Trouver une vigoureuse punition. Le diable suggère d’empoisonner la
sécrétion au moment de l’acte sexuel.
Mais la difficulté vient du fait que Dieu demande que les hommes ne
meurent pas et restent propres à la rédemption. Il faut pouvoir les racheter
après qu’ils aient bien souffert. Sinon la race sera éteinte et pas question
de recommencer la Création, Dieu n’en a plus la force. Le Diable part
« chez lui », aux enfers, réfléchir.
Acte IV
Chez le Diable. L’acte commence par une lamentation du Diable sur sa
condition. Puis il se ressaisit et décide de se mettre au travail pour inventer
2
la terrible punition.

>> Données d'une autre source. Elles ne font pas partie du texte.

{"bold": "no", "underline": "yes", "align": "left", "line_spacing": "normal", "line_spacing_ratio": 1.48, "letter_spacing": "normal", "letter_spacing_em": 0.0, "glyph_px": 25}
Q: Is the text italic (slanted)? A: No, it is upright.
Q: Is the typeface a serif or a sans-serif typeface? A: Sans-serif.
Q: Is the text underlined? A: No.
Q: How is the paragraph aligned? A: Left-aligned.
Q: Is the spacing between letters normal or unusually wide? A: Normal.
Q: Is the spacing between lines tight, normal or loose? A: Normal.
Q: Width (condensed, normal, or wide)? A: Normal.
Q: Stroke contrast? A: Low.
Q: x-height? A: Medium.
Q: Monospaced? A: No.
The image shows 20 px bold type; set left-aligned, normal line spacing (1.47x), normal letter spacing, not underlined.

Ce sera la syphilis, un poison qu’il instillera dans le sang
d’une femme qui sera sa fille. Le Diable sombre à nouveau dans la
dépression et s’étouffe, pris de dégoût. Le Diable va chercher ensuite dans
une foule d’héroïnes célèbres celle qui engendrera, à la suite de leur union,
la créature maléfique porteuse du poison. Ainsi défilent des grandes
amoureuses comme Hélène de Troie, Phrynée d’Athènes, l’Héloïse
d’Abelard, Agrippine... Chacune subit un rapide interrogatoire. Le Diable
finit par choisir Salomé.
Acte V
Le Diable est avec sa fille. La Vierge Marie leur rend visite et découvre
pour la première fois la jeune femme d’une grande beauté.

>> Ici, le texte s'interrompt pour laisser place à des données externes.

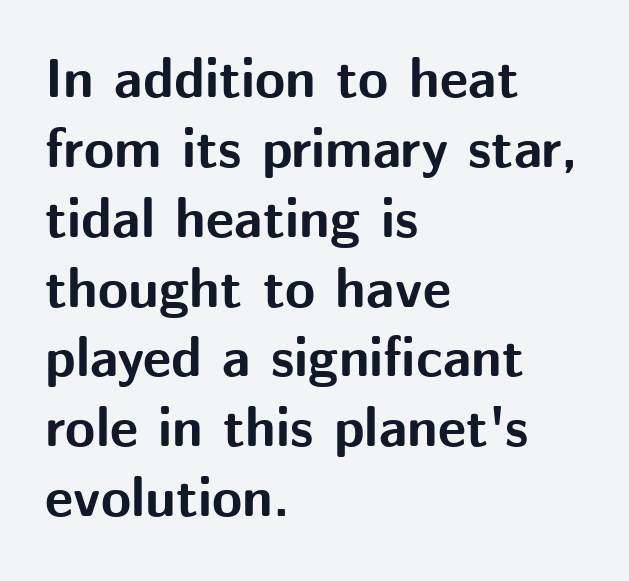
No italicization has been applied; the sample stays upright. Is this a fixed-width face? No — the glyphs have proportional, varying widths. Students, observe: this is what conventionally led text looks like. As a designer I'd log this as weight 700, bold. Words float on clear page, feet unadorned.

Si Le Concile d’amour séduisit tant André Breton, ainsi qu’il le révéla dans
sa préface, c’est que la pièce de Oskar Panizza ouvrait « l’abîme du Mal en
tant que problème » et qu’au lieu de virer au drame elle voulait que ce soit
« la dérision qui mène le jeu ». Le chef de file des surréalistes ne pouvait
que fendre ardemment le délire poétique qui se cachait derrière l’excès,
le grotesque et la charge de l’œuvre. Mieux, l’idée que cette poésie
iconoclaste puisse armer la libre pensée contre les croyances aliénantes
devrait le réjouir si fort qu’il salua cet « esprit de sédition » qui brave de tels
interdits que, de nos jours encore, il est présumable que la réaction des
spectateurs imposerait le baisser du rideau avant la fin de la première
scène. »
André Breton savait comment cette géniale bouffonnerie, découverte en
France par hasard avant de devenir culte après la mise en scène de Jorge
Lavelli en 1969, avait ésaisie, interdite dès sa parution en Allemagne
soixante-dix ans plus tôt, vendue à prix d’or sous le manteau, achetée en
nombre par des proches espérant ainsi détruire l’objet du scandale et
condamner son auteur à l’oubli. Et comment l’écrivain allemand, qui avait
fait imprimer son texte en Suisse pour le sauver, avait été emprisonné un
an pour blasphème, poursuivant ainsi sa propre « tragédie céleste »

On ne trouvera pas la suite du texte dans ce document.